** Source data follows **

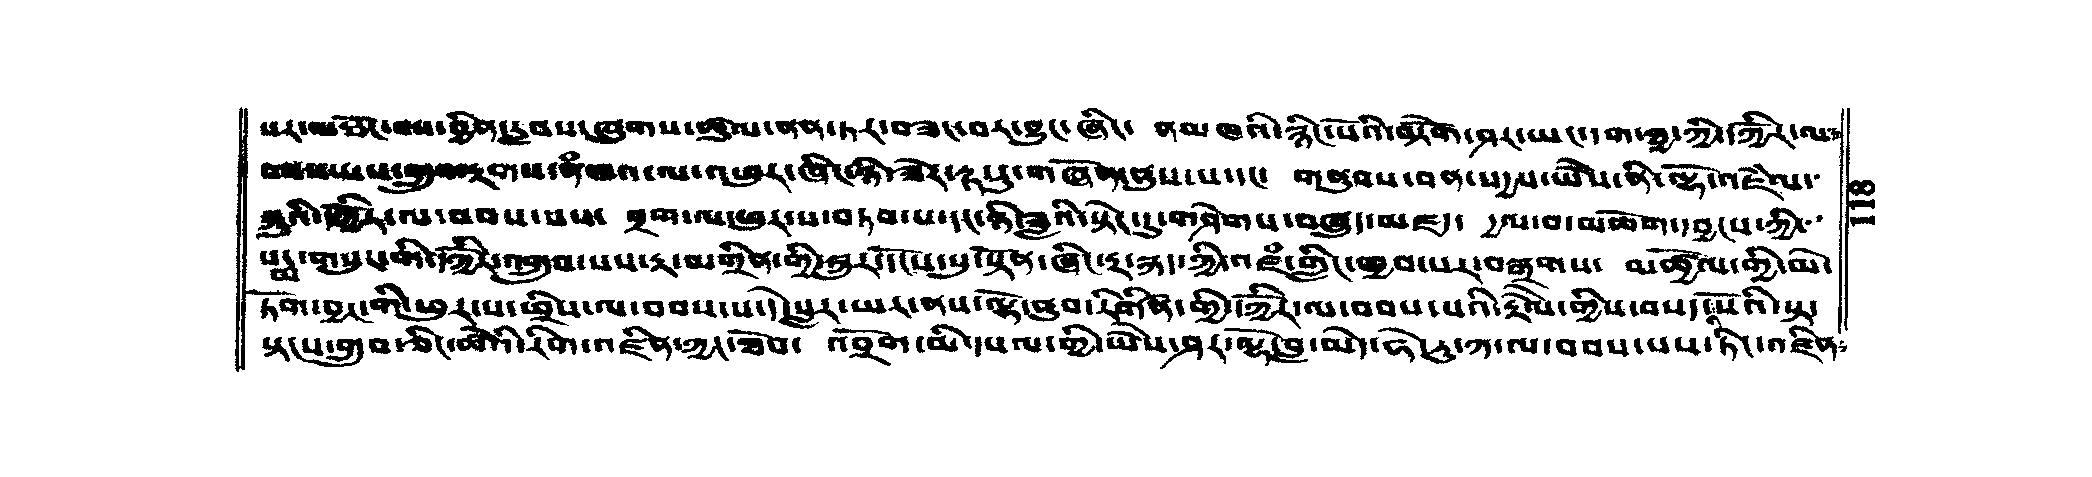པར་མཐོང་བས་བྱིན་རླབས་ཞུགས་ཚུལ་ནན་ཏར་བཟང་བར་བྱུང་ཞིང་། ནམ་མཁའི་སྙིང་པོའི་མེ་ཏོག་ཤར་ཡང་དག་ཐུགས་ཀྱི་དཀྱིལ་འཁོར་ལ་
བབས་པས་གྲུབ་རྟགས་ནམ་མཁའ་ལ་འཕུར་ཞིང་ཉི་ཟེར་རྟ་རུ་གཞོན་ནུས་པ་དང་། གནུབས་བན་སངས་རྒྱས་ཡེ་ཤེས་ནི་ལྷོ་འཇམ་དཔལ་
སྐུའི་དཀྱིལ་འཁོར་ལ་བབས་པས། བྲག་ལ་ཕུར་པ་བཏབ་པ་དང་ཉི་ཟླའི་སྟེང་དུ་གཤེགས་བཞུད་མཛད། རྒྱལ་བ་མཆོག་དབྱངས་ཀྱི་
པདྨ་གསུང་གི་དཀྱིལ་འཁོར་འགྲུབ་པས་རྟ་མགྲིན་གྱི་སྐུར་དངོས་སུ་སྟོན་ཞིང་རྟ་སྐད་ཀྱི་འཛམ་གླིང་ཁྱབ་པར་བསྒྲགས། མཚོ་རྒྱལ་གྱི་མེ་
ཏོག་བྱང་གི་ཕུར་པ་ཕྲིན་ལས་ལ་བབས་པ་དེ་སླར་ཡར་ནས་ལྷོ་ནུབ་རིག་འཛིན་གྱི་དཀྱིལ་འཁོར་ལ་བབས་པའི་རྟེན་འབྲེལ་གྱིས་བསད་གསོའི་སྟ་
སྟངས་གྲུབ་ཅིང་ཚེའི་རིག་འཛིན་ཀྱང་ཐོབ། འབྲོག་མི་དཔལ་གྱི་ཡེ་ཤེས་ཤར་ལྷོ་བླ་མེད་ཧེ་རུ་ཀ་ལ་བབས་པས་ཏིང་འཛིན་
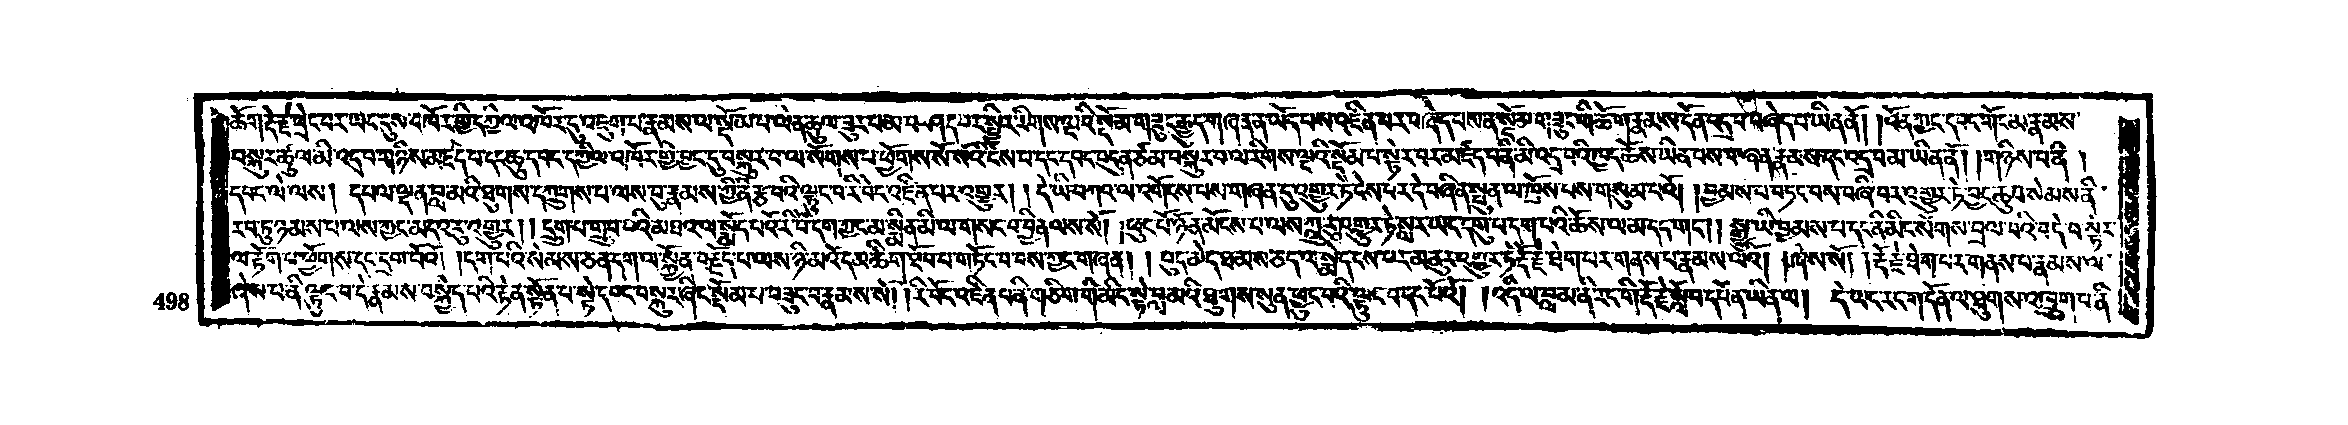ཆོག་རྡོ་རྗེ་ཕྲེང་བར་ཡང་དུས་འཁོར་གྱི་དཀྱིལ་འཁོར་དུ་འཇུག་པ་རྣམས་ལ་སྡོམ་པ་ལེན་ཆུལ་ཟུར་པ་མ་བཤད་པར་སྤྱིར་རིགས་ལྔའི་སྡོམ་གཟུང་རྒྱུད་གཞན་ན་ཡོད་པས་འཛིན་པར་བཞེད་པས་ན་སྡོམ་གཟུང་གི་ཆོ་ག་རྣམས་དོན་འདྲ་བ་བཞེད་པ་ཡིན་ནོ། །འོན་ཀྱང་དབང་གོང་མ་རྣམས་
བསྐུར་ཚུལ་མི་འདྲ་བ་གཉིས་མཛད་པ་དང་ཆུ་དབང་དཀྱིལ་འཁོར་གྱི་བྱང་དུ་བསྐུར་བ་ལ་སོགས་པ་ཕྱོགས་སོ་སོའི་ངེས་པ་དང་དབང་བདུན་ཙམ་བསྐུར་བ་ལ་རིགས་ལྔའི་སྡོམ་པ་སྟེར་བར་མཛད་པ་ནི་མི་འདྲ་བའི་ཁྱད་ཆོས་ཡིན་པས་གཞན་རྣམས་དང་འདྲ་བ་མ་ཡིན་ནོ། །གཉིས་པ་ནི།
དབང་ལེ་ལས། དཔལ་ལྡན་བླ་མའི་ཐུགས་དཀྲུགས་པ་ལས་བུ་རྣམས་ཀྱི་ནི་རྩ་བའི་ལྟུང་བ་རི་བོང་འཛིན་པར་འགྱུར། །དེ་ཡི་བཀའ་ལ་འགོངས་པས་གཞན་དུ་འགྱུར་ཏེ་ངེས་པར་དེ་བཞིན་སྤུན་ལ་ཁྲོས་པས་གསུམ་པའོ། །བྱམས་པ་བཏང་བས་བཞི་བར་འགྱུར་ཏེ་བྱང་ཆུབ་སེམས་ནི་
རབ་ཏུ་ཉམས་པ་ལས་ཀྱང་མདའ་རུ་འགྱུར། །དྲུག་པ་གྲུབ་པའི་མཐའ་ལ་སྨོད་པའོ་རི་བོ་དག་ཀྱང་མ་སྨིན་མི་ལ་གསང་བ་བྱིན་ལས་སོ། །ཕུང་པོ་ཉོན་མོངས་པ་ལས་ཀླུ་རུ་འགྱུར་ཏེ་སླར་ཡང་དགུ་པ་དག་པའི་ཆོས་ལ་མ་དད་གང་། །སྒྱུ་ཡི་བྱམས་པ་དང་ནི་མིང་སོགས་བྲལ་བའི་བདེ་བ་སྟེར་
ལ་རྟོག་པ་ཕྱོགས་དང་དྲག་པོའོ། །དག་པའི་སེམས་ཅན་དག་ལ་སྐྱོན་བརྗོད་པ་ལས་ཉི་མའོ་དམ་ཚིག་ཐོབ་པ་གཏོང་བ་བས་ཀྱང་གཞན། །བུད་མེད་ཐམས་ཅད་ལ་སྨེད་ངས་པར་མ་ནུར་འགྱུར་ཏེ་རྡོ་རྗེ་ཐེག་པར་གནས་པ་རྣམས་ལའོ། །ཞེས་སོ། །རྡོ་རྗེ་ཐེག་པར་གནས་པ་རྣམས་ལ་
ཞེས་པ་ནི་ལྟུང་བ་དེ་རྣམས་བསྐྱེད་པའི་རྟེན་སྟོན་པ་སྟེ་དབང་བསྐུར་ཞིང་སྡོམ་པ་བཟུང་བ་རྣམས་སོ། །རི་བོང་འཛིན་པ་ནི་གཅིག་གི་མིང་སྟེ་བླ་མའི་ཐུགས་སུན་ཕྱུང་བའི་ལྟུང་བ་དང་པོའོ། །འདི་ལ་བླ་མ་ནི་རང་གི་རྡོ་རྗེ་སློབ་དཔོན་ཡིན་ལ། དེ་ཡང་རང་གི་དོན་ལ་ཐུགས་འཁྲུག་པ་ནི་

** End of Source data **

* **Problem to solve**
Retype only the lines above from the one with "བབས་པས་གྲུབ་རྟ" through the one with "བསྐུར་ཚུལ་མི་འ", exactly and with both ends. Images stay out.

* **Solution**
བབས་པས་གྲུབ་རྟགས་ནམ་མཁའ་ལ་འཕུར་ཞིང་ཉི་ཟེར་རྟ་རུ་གཞོན་ནུས་པ་དང་། གནུབས་བན་སངས་རྒྱས་ཡེ་ཤེས་ནི་ལྷོ་འཇམ་དཔལ་
སྐུའི་དཀྱིལ་འཁོར་ལ་བབས་པས། བྲག་ལ་ཕུར་པ་བཏབ་པ་དང་ཉི་ཟླའི་སྟེང་དུ་གཤེགས་བཞུད་མཛད། རྒྱལ་བ་མཆོག་དབྱངས་ཀྱི་
པདྨ་གསུང་གི་དཀྱིལ་འཁོར་འགྲུབ་པས་རྟ་མགྲིན་གྱི་སྐུར་དངོས་སུ་སྟོན་ཞིང་རྟ་སྐད་ཀྱི་འཛམ་གླིང་ཁྱབ་པར་བསྒྲགས། མཚོ་རྒྱལ་གྱི་མེ་
ཏོག་བྱང་གི་ཕུར་པ་ཕྲིན་ལས་ལ་བབས་པ་དེ་སླར་ཡར་ནས་ལྷོ་ནུབ་རིག་འཛིན་གྱི་དཀྱིལ་འཁོར་ལ་བབས་པའི་རྟེན་འབྲེལ་གྱིས་བསད་གསོའི་སྟ་
སྟངས་གྲུབ་ཅིང་ཚེའི་རིག་འཛིན་ཀྱང་ཐོབ། འབྲོག་མི་དཔལ་གྱི་ཡེ་ཤེས་ཤར་ལྷོ་བླ་མེད་ཧེ་རུ་ཀ་ལ་བབས་པས་ཏིང་འཛིན་
ཆོག་རྡོ་རྗེ་ཕྲེང་བར་ཡང་དུས་འཁོར་གྱི་དཀྱིལ་འཁོར་དུ་འཇུག་པ་རྣམས་ལ་སྡོམ་པ་ལེན་ཆུལ་ཟུར་པ་མ་བཤད་པར་སྤྱིར་རིགས་ལྔའི་སྡོམ་གཟུང་རྒྱུད་གཞན་ན་ཡོད་པས་འཛིན་པར་བཞེད་པས་ན་སྡོམ་གཟུང་གི་ཆོ་ག་རྣམས་དོན་འདྲ་བ་བཞེད་པ་ཡིན་ནོ། །འོན་ཀྱང་དབང་གོང་མ་རྣམས་
བསྐུར་ཚུལ་མི་འདྲ་བ་གཉིས་མཛད་པ་དང་ཆུ་དབང་དཀྱིལ་འཁོར་གྱི་བྱང་དུ་བསྐུར་བ་ལ་སོགས་པ་ཕྱོགས་སོ་སོའི་ངེས་པ་དང་དབང་བདུན་ཙམ་བསྐུར་བ་ལ་རིགས་ལྔའི་སྡོམ་པ་སྟེར་བར་མཛད་པ་ནི་མི་འདྲ་བའི་ཁྱད་ཆོས་ཡིན་པས་གཞན་རྣམས་དང་འདྲ་བ་མ་ཡིན་ནོ། །གཉིས་པ་ནི།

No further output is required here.